Anyways, here the story and the pic:

Homeless
in North Hollywood, he's
from Massachusetts, and said, "What was it that Three Dog Night said? Get rid of all the cars and all the wars?"

I gave him a cup of the sangria I was drinking, and he sat down at a nearby table to enjoy the free concert. My son and I were listening to the music, too, and he came over and showed us a little scar on his hand, and said, "Know what that is? A squirrel bite."

A few moments later, an elderly woman sitting near him came up to complain to me for giving him sangria,
saying that he smelled bad and now would stay. I didn't know what to say to her, and my little son was angry at her for saying that, knowing she has a shower in her home that Erik doesn't have. Then the woman complained to the owner of the cafe, who insisted that Erik leave, which really upset my son, who started to cry, and told me to please call the cops,
and have the cafe man fired for not being nice. I told him the cops wouldn't do that, but he didn't understand, and was upset most of the night. When we got home, he asked to see Erik's picture, and we both agreed that he has a nice face.



You know...these are the kind of stories that totally show a child's mind, well, at least how my mind worked too. And still does.
Mother Theresa is a woman who inspires me beyond words.
she is the one who pinpoints it so well: "You can’t do great things in this life…
You can do only little things with GREAT LOVE."

Great expectations often just hinder our doing. Everything has to be ready, this and that has to happen first and lalalalala. no! Even if we DO pursue 'greater goals' we still can and should do the little things with GREAT LOVE every day.


I think a lot about how much I love you and how I love and about love and how everything is alright.

I think about what I do and what I want to do and about how beautiful this world still is.
And I think about the small and the powerful. It's so funny how I met this girl in the greyhound bus to St. Barbara. When I travel I am always extremely alert and energetic, just thrilled to be on the road again. I feel most comfortable and ironically 'at home' when I am on the road. So you meet the right people to the right time and we were exactly the right people for each other. She studies international relations and political sciences and works in Mali for an NGO as a Grant Writer. It was extremely interesting to hear about her work and studies, since it is exactly what I want to do (spare the political sciences!). We both agreed on the predicament that although the powerful do have powers to change things in a bigger way it becomes less and less attractive and meaningful or senseful to go down this way since the real deal maybe, after all, really lies in the small. Just as Mother Theresa says, wherever God has put you, there is your vocation. I totally think she is right except for God has put me into a situation that is so blessed that I can choose where to go from there. I know that at home there is stuff to do too, but maybe I will go somewhere else. Who knows, but I guess what it boils down to is, that you just have to do what you do, but this with love. And if you become a figure like Mother Theresa or Nelson Mandela then only because you did what you had to do. Not because you wanted to be powerful in the first place. But because you loved.

Good night everybody!

Tuesday, October 03, 2006

life and love


You told me once, i remember even where you stood saying this, that sometimes in life you have to choose between love and life. I was going to chose love I guess but somehow I wounded up with life here....
And it too, is beautiful, my love:

Thinking about this, however, I found this only to be half true, because for some reason life and love has never really been two different things for me. Life has always been intrinsically connected to love and vice versa. I remember walking down the street to Buehlers in my little black forest hometown, I was maybe 12 or so and I suddenly had this overwhelming feeling that my love for this earth and for this life expanded so much that I felt the whole earth ball under my feet and I lay down in the grass, with my face down to the ground and hugged aned embraced the whole planet with my whole heart. And I always loved the whole world and in the same time little details like little flowers at the curb or the beautiful details of a saddle...

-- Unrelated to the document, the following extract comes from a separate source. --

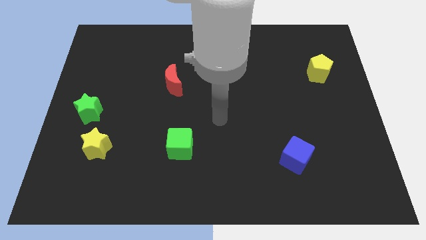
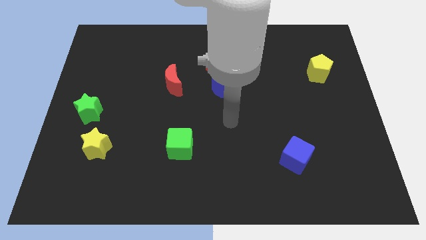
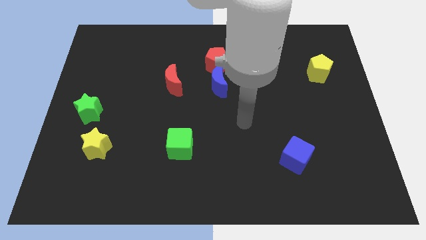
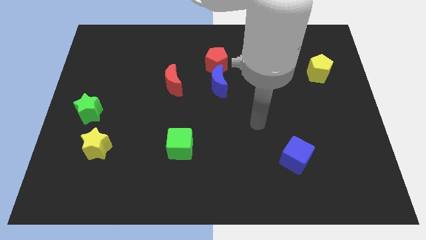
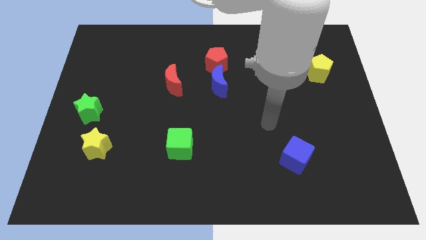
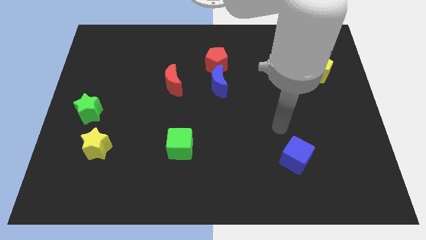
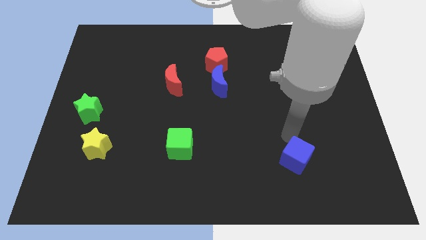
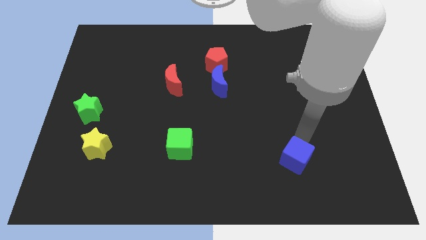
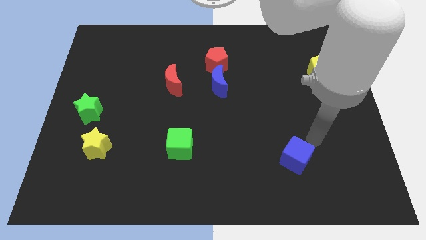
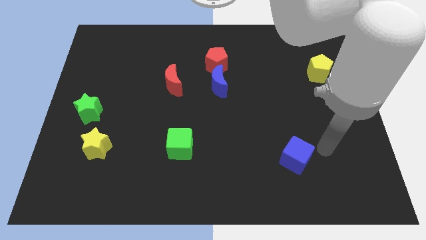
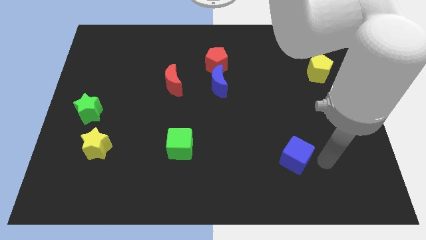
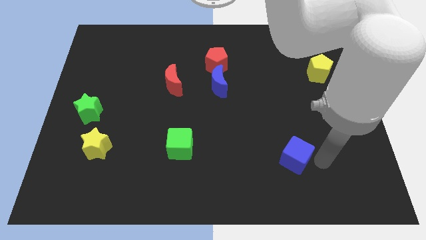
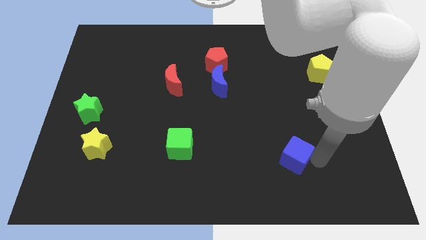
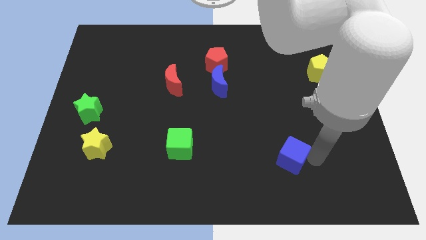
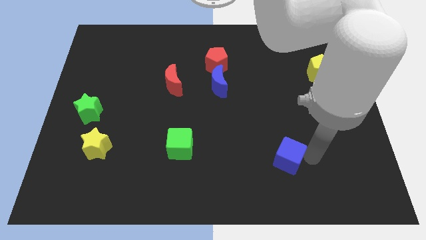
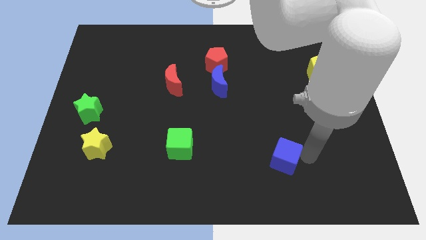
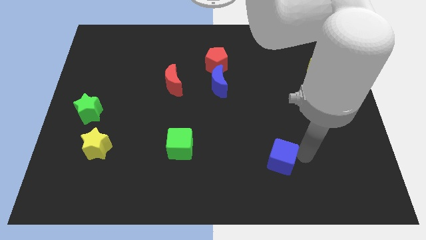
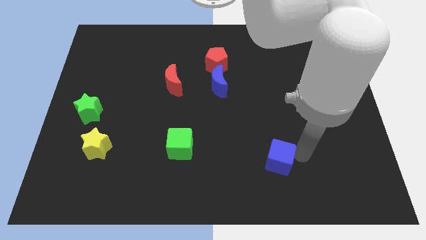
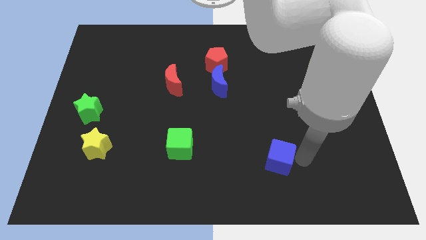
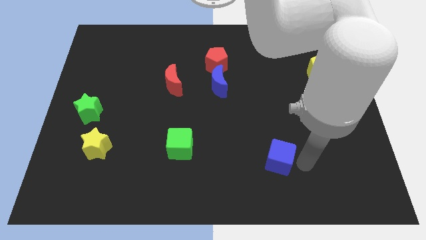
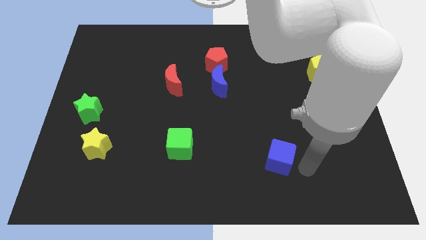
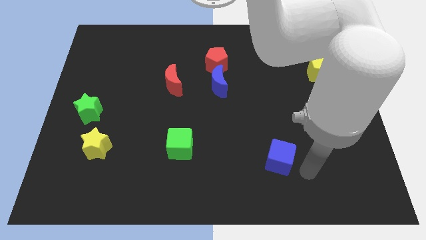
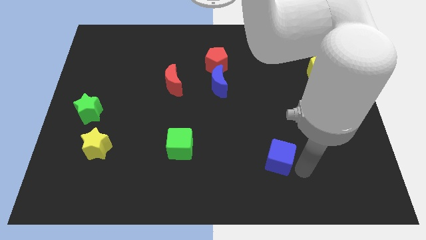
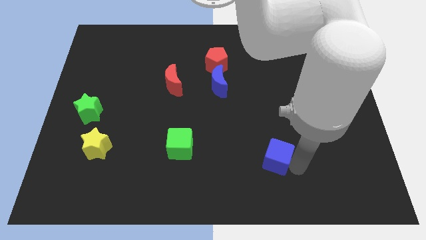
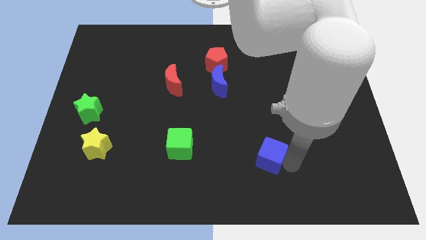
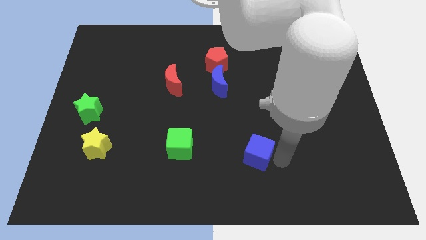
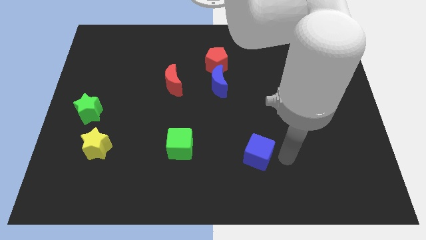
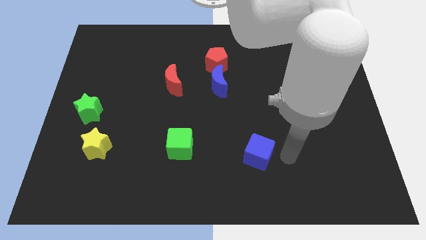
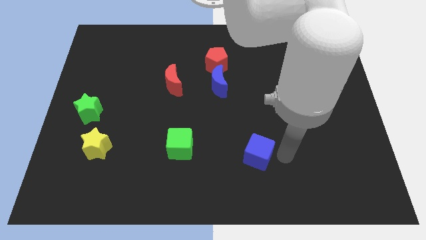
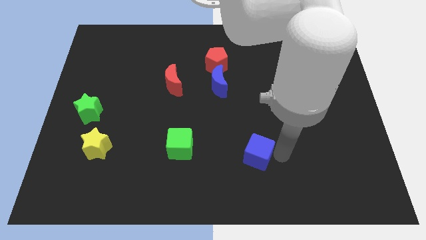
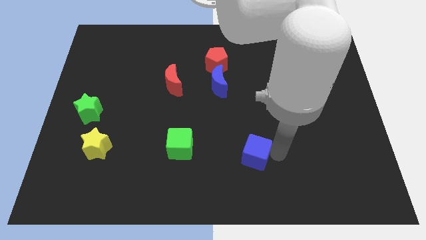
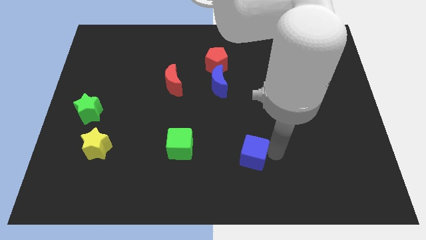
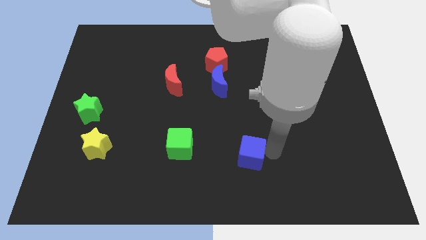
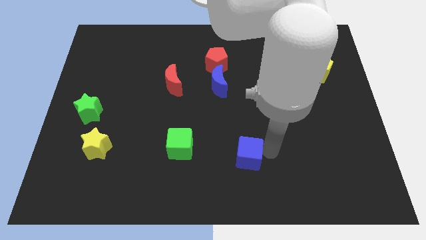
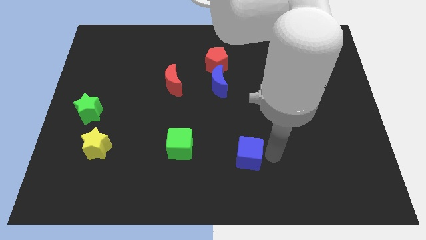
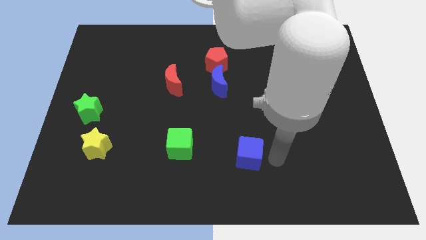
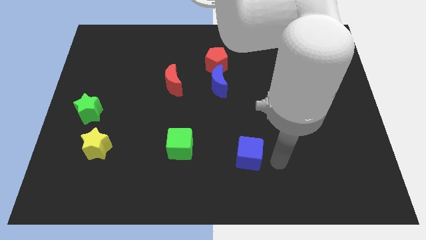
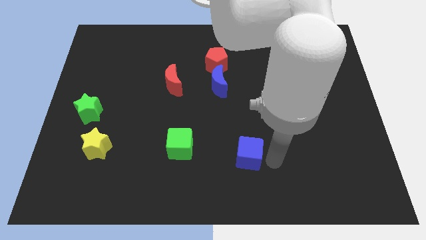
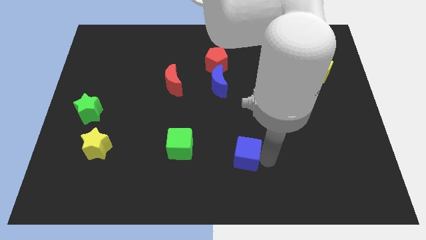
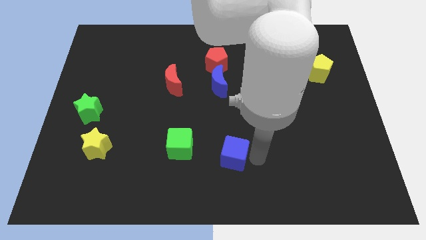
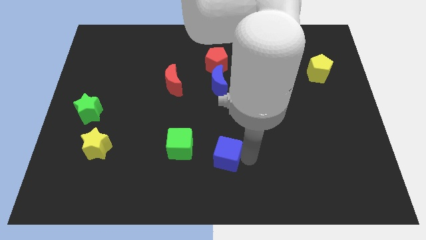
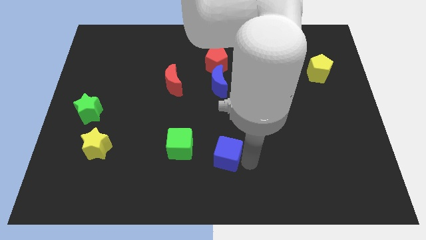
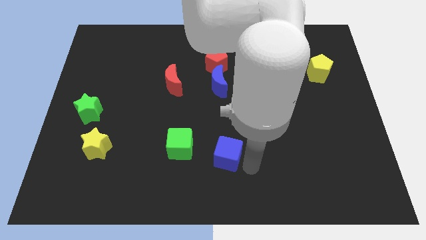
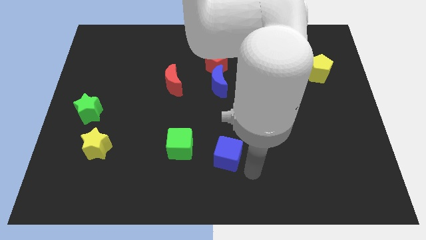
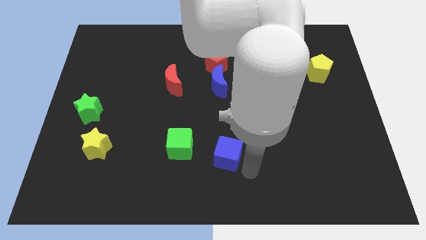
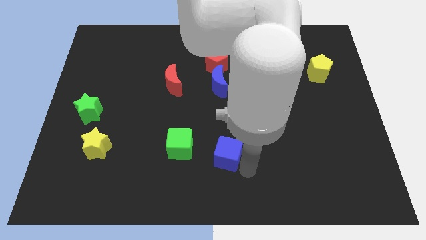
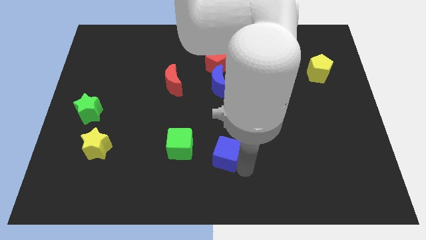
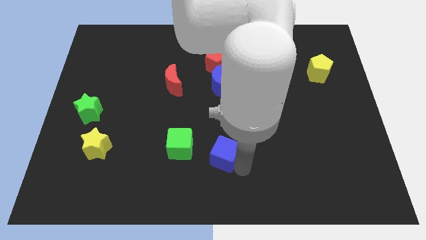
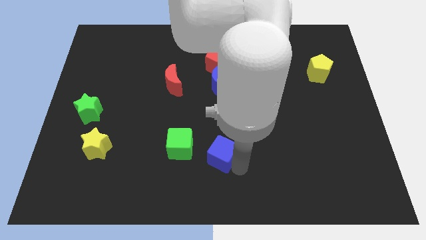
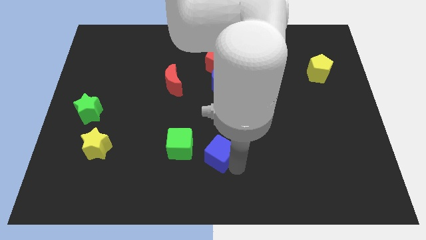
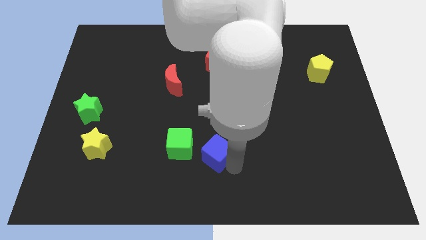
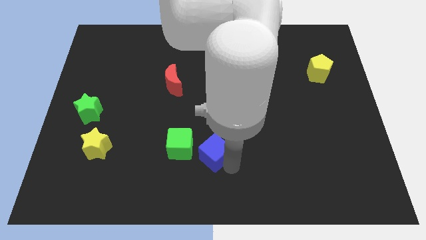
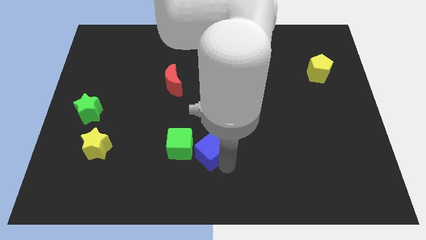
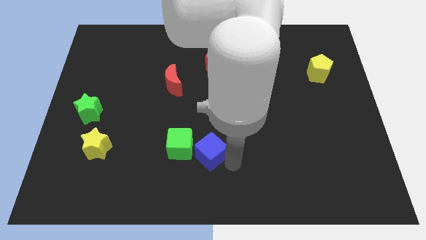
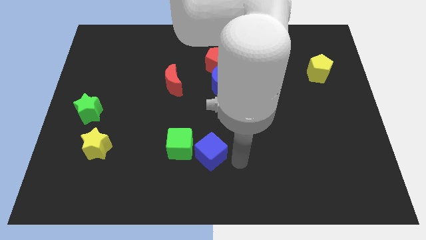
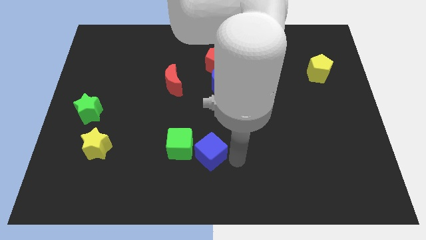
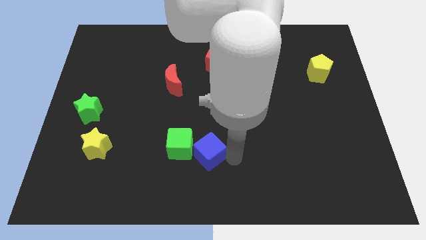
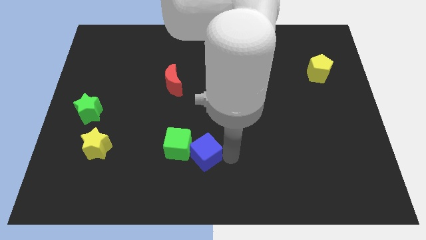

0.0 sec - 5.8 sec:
slide the blue cube close to the green cube

I think I know though what you meant. Love between a man and a woman is special, it is not this unconditional general kind of love. It is more specific and being with a person demands at times sacrifices in your lifestyle or even in the direction you thought your life would take, professionally or socially.
The best example for this is the princess who falls in love with the poor man and decides to live a life in poverty but in love with him.
I totally would do that.
But then too, I think and feel that God wouldn't give us a mission in life and a man/woman that doesn't match it. Before we really know our mission in life, however, we have to grow up.
So since I am thrown back to life, back to what I am good at, loving the earth and life and these human beings unconditionally and generally, I take it that I need to grow up and live on.

So do you. And I wish you good luck and love with that. I wish that you, too, can love and live. Nothing's been lost. Literally nothing. Some possibilities maybe, maybe a child, but in the same time there are so many new possibilities and so many new children that are waiting... We are not the one's to judge, we are the one's to live and love the best we can and to become free in our spirit from the tyranny of body and mind... :)) Oh, and horsebackriding, did I say that already, is a really good way of training this discipline...



'On the road again, at the break of time, our precious little things, companions on our way, crossing borders we are free, to travel as we please, create a sense of time, whereever we may go, for we are travelling people, forever on the move, lalalalalala, lalalalala. I am telling you, freedom is a pleasure song, I am telling you, freedom is a pleasure song. ...'

This song I heard so many mornings when we went on trips with our class and my teacher would wake us up with the accordeon..... So many things I wish you had heard and seen and lived, too... with me :) But it is all good because...you know love isn't restricted to space nor time...this is for you too:


and this:

yes I wished you could have been there, but somehow you maybe are....anyways!

At the horse farm...

why


since the cafe across the street burnt down i am more and more to be found at the cafe solar. it has free internet access and i can do my online-german lessons there without any problems. kinda nice atmosphere except for all those busy laptop/powerbook people get on my nevers *laugh* since I am one of them I can say that we all suck. WHATEVER. I actually get more annoyed nowadays by people like me who always think they have to be annoyed by someone. chit-chatting on how much other people suck. It's like, doh, what ever mofo, just mind your own business. There is this guy for example, who has a crush on a very good friend of mine and he is totally judgemental on the guys she likes. Whereas this is totally understandable I still hate how he arrogantly notes, that this guy is changing his style to fit into which ever scene he tries to fit in. It's like whatever, let people go through their phases. Who cares that you guys are the same age and that you went through that years ago. Who cares? Does she like you? No! So, either she is not on your level yet and what would you want with her then...huh?
oh i am rambling. sorry.

so I had a really good time with my gorgelicious Amanda... I don't have pics of me and Klodi yet, but as soon as I have them I'll post them....until then, here some pics of our horsebackriding and beach adventures!~

oh there was a rainbow adventure too. we had to kiss this guy, since he was going to marry the next day.... and Jacob was really pissed that they let Amanda in although she isn't 21 either but, hey, she has tits!~!! lol. the world is injust and tittie-cramtion is not fair either but a reality... especially in Hollywood.

oh and we went to this exhibition at this galery where Amanda will exhibit her paintings *argh i m so jealous!* and met this guy who took all those iconic rock photographies...

and then i took my niece and my nephew and amanda and my niece's friend horsebackriding since my German student invited me to pay for me instead of paying for a lesson.... life is good like that!!! I love LOVE love horse back riding! It is such a good excercise of will, discipline, since the horses really react and feel immediately what you think, feel etc. and I love to be in Nature but everybody should know that by now~!!!